ROBERTS and PHILLIPS, JJ., join.

. Tschoepe, “Limited Right of Appeal for the State,” 14 Hou.L.R. 735 at 736; see also Interpretive Commentary following Article V, Section 26, 2 Vernon’s Texas Constitution 323 at 325-326.

. However, a most tantalizing theory is suggested by the temper of the period and the contemporaneous holding of the Supreme Court of the United States in Twitchell v. The Commonwealth, 7 Wall. 321, 324, 19 L.Ed. 223 (1868) that statutory provisions for exercise of its appellate jurisdiction did not make any distinction between civil and criminal cases “in respect to the revision of the judgments of State courts by this court,” and its harsh and thorough denunciation of Confederate Texans in Texas v. White, 7 Wall. 700, 704-708, 722-732, 19 L.Ed. 227 (1868). See Daniel v. Hutcheson, 86 Tex. 51, 22 S.W. 933, 938 (1893) for an account of occupation of our State’s courts by the federal military government until 1870, written by Chief Justice John W. Stayton who, perhaps not so coincidentally, had been a member of the 1875 Constitutional Convention that produced our Constitution of 1876.

. Tschoepe, supra, at 736, note 24.

. The most recent venture was undertaken in 1976. See Tschoepe, supra, 14 Hous.L.R. at 743, note 95, and accompanying text.

. “The County Attorneys shall represent the State in all cases in the District and inferior courts in their respective counties; but if any county shall be included in a district in which there shall be a District Attorney, the respective duties of District Attorneys and County Attorneys shall in such counties be regulated by the Legislature.” As to those respective duties, see generally for a district attorney Articles 321 et seq., especially 327, 332-341, V.A. C.S. and Article 2.01, V.A.C.C.P., and for a county attorney Articles 329 et seq., especially 332-341, V.A.C.S. and Article 2.02, V.A.C.C.P.
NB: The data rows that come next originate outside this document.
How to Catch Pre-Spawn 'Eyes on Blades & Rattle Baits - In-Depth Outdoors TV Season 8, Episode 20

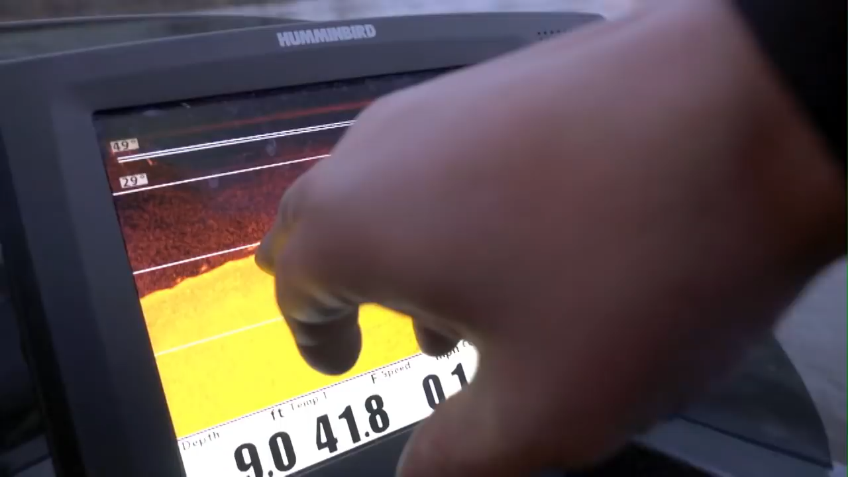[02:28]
On screen: depth 9.0 ft, water 41.8°F
One there, one there. It's going to be a sunscreen day, Eric.
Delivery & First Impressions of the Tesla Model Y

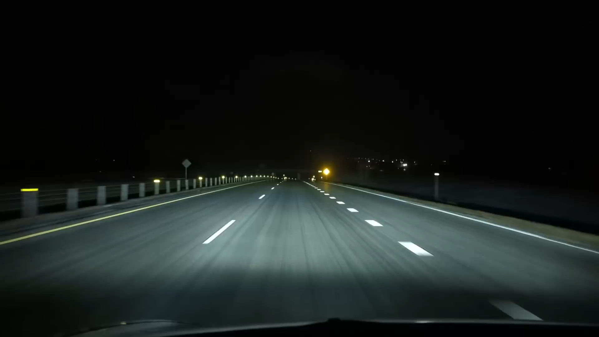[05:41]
The winds picked up on my drive home, and a ground blizzard developed near Guadamingo.

. “The Attorney General ... shall represent the State in all suits and pleas in the Supreme Court of the State in which the State may be a party... He shall ... give legal advice in writing tc the Governor and other executive officers, when requested by them, and perform such other duties as may be required by law.” As to his duties, see generally Articles 4394-4413a, V.A.C.S.
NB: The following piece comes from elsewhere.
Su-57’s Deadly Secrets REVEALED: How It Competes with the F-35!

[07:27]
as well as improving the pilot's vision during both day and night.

. All emphasis is supplied throughout by the writer of this opinion unless otherwise indicated.

. The plurality opinion construes “the outer limits of the prohibition of Section 26 to be a restriction on the permissible operations within the Texas judicial system” simply because Article V is entitled “Judicial Department” and “does not speak to the relation of that system or a part of that system to entities beyond, such as the federal judiciary.” That analysis, if correct, dooms the proposed venture of our respondent for as a constitutional officer within the Judicial Department, Neal v. Sheppard, 209 S.W.2d 388, 391 (Tex.Civ.App.—Texarkana 1948) error refused, he too is confined by Article V, Section 21, to performing such duties as therein and validly by the Legislature provided, Neal v. Sheppard, supra; Hill County v. Sheppard, 142 Tex. 358, 178 S.W.2d 261, 263 (1944). Appealing to the Supreme Court of the United States is not one of them.

. A writ that prohibits respondent in his official capacity of Criminal District Attorney from seeking review of our decision in this case does not, of course, preclude him or any other citizen, individually, from claiming “the right to seek certiorari ... with or without the consent of the State whose judgment is sought to be reviewed,” Ross v. Moffitt, 417 U.S. 600, 617, 94 S.Ct. 2437, 2447, 41 L.Ed.2d 341 (1974), once he structures the proper lawsuit in an accessible court.